Return, from the listing below, each line where the word "order" appears.

___ Listed records

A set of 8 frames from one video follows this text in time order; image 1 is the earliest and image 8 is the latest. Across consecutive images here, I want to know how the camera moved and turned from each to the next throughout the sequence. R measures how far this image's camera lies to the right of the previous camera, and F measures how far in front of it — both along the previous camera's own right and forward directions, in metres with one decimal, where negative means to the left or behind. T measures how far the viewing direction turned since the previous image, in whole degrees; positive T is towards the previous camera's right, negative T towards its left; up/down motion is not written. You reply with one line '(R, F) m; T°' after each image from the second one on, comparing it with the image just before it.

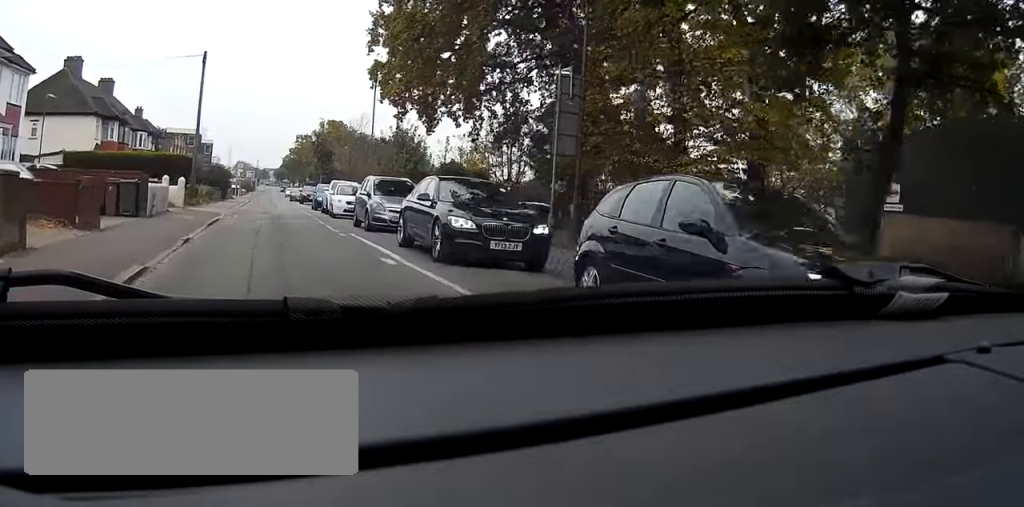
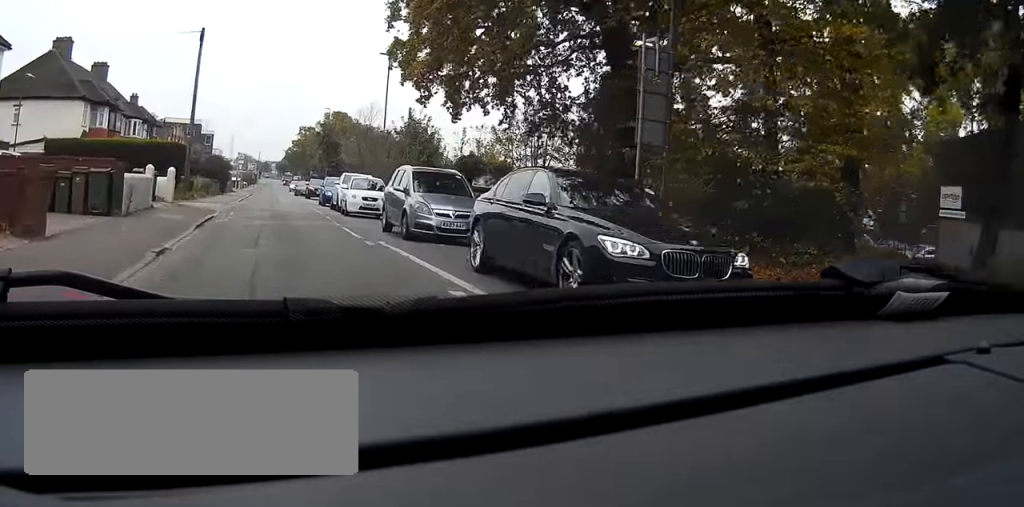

______
___ Listed records

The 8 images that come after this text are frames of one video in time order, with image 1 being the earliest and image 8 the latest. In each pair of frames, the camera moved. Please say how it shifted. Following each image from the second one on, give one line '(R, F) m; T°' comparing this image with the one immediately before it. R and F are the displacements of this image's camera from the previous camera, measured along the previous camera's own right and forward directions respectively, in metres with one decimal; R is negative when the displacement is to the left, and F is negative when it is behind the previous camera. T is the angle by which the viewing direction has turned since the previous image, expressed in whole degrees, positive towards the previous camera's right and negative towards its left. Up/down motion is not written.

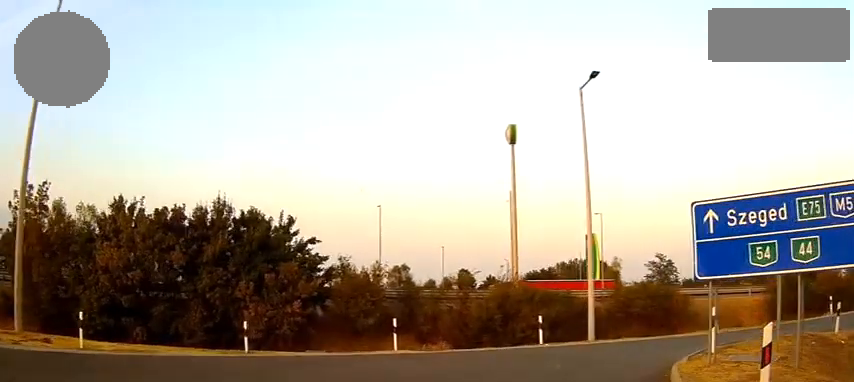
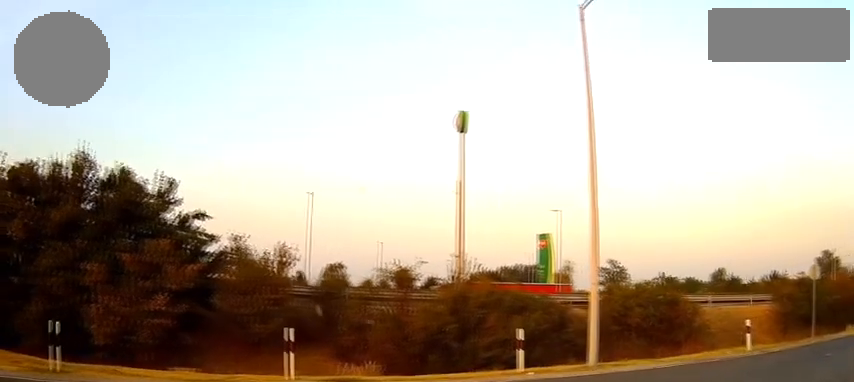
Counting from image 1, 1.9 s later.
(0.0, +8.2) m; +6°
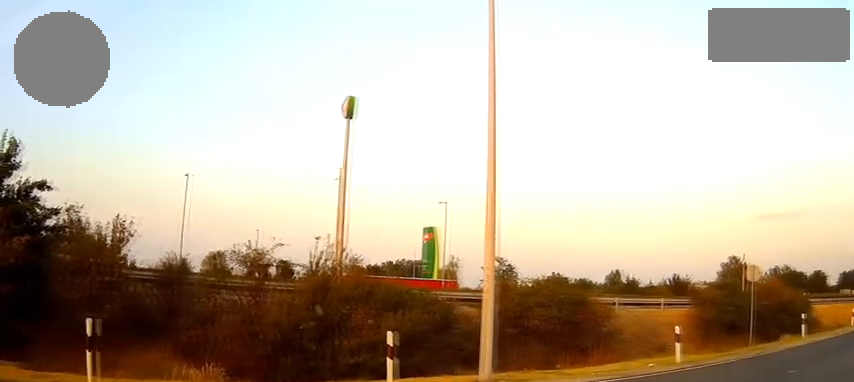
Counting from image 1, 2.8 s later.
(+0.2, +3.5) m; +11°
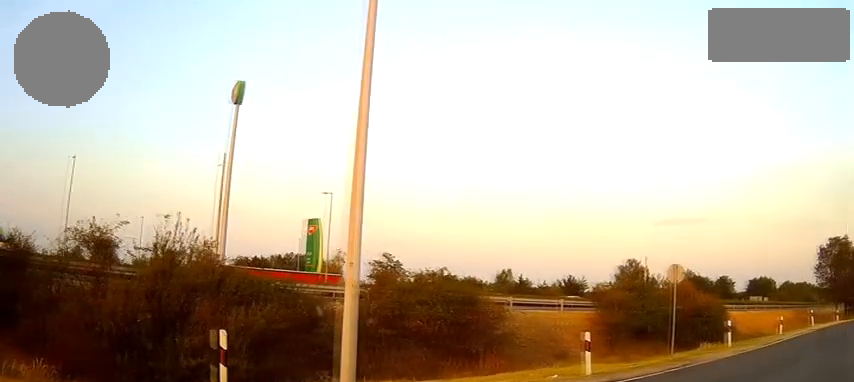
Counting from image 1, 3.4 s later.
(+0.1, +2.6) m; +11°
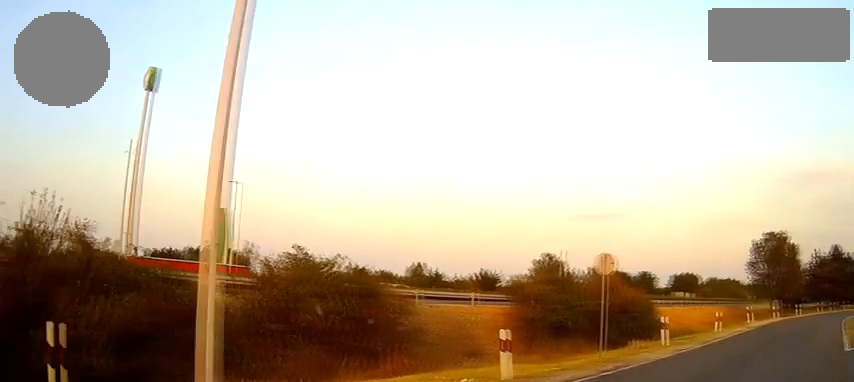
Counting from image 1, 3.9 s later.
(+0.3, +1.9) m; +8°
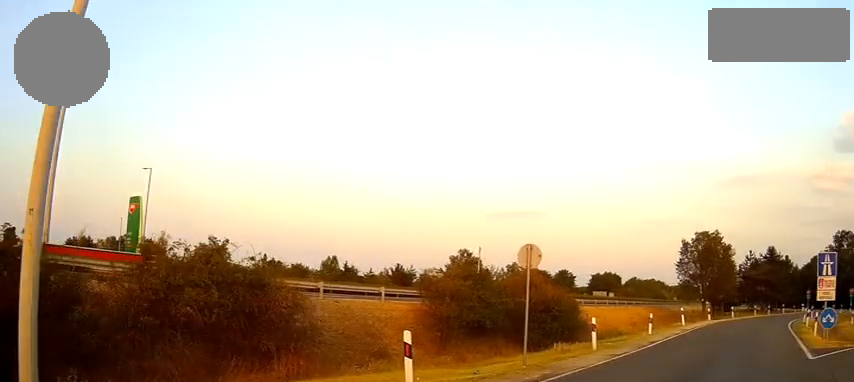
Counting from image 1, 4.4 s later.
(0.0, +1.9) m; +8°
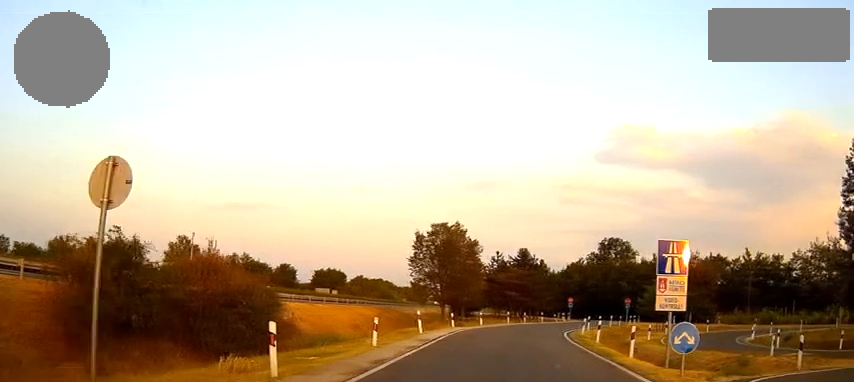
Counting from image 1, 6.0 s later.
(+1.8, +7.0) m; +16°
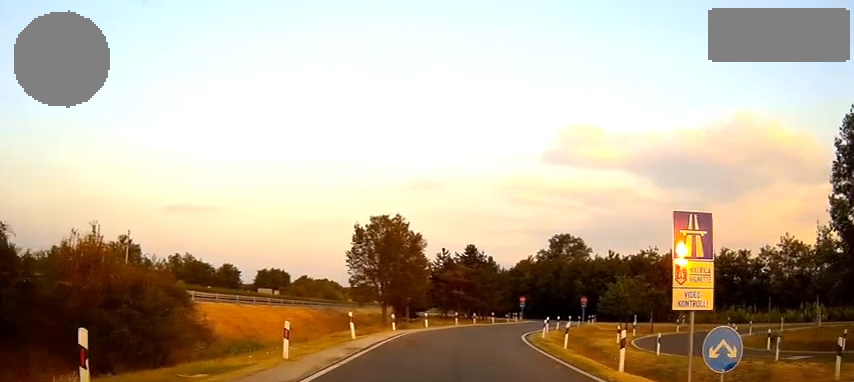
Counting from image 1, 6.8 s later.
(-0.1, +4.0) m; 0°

______

→ **Expected answer**:
A set of 8 frames from one video follows this text in time order; image 1 is the earliest and image 8 is the latest. Across consecutive images here, I want to know how the camera moved and turned from each to the next throughout the sequence. R measures how far this image's camera lies to the right of the previous camera, and F measures how far in front of it — both along the previous camera's own right and forward directions, in metres with one decimal, where negative means to the left or behind. T measures how far the viewing direction turned since the previous image, in whole degrees; positive T is towards the previous camera's right, negative T towards its left; up/down motion is not written. You reply with one line '(R, F) m; T°' after each image from the second one on, comparing it with the image just before it.
The 8 images that come after this text are frames of one video in time order, with image 1 being the earliest and image 8 the latest. In each pair of frames, the camera moved. Please say how it shifted. Following each image from the second one on, give one line '(R, F) m; T°' comparing this image with the one immediately before it. R and F are the displacements of this image's camera from the previous camera, measured along the previous camera's own right and forward directions respectively, in metres with one decimal; R is negative when the displacement is to the left, and F is negative when it is behind the previous camera. T is the angle by which the viewing direction has turned since the previous image, expressed in whole degrees, positive towards the previous camera's right and negative towards its left. Up/down motion is not written.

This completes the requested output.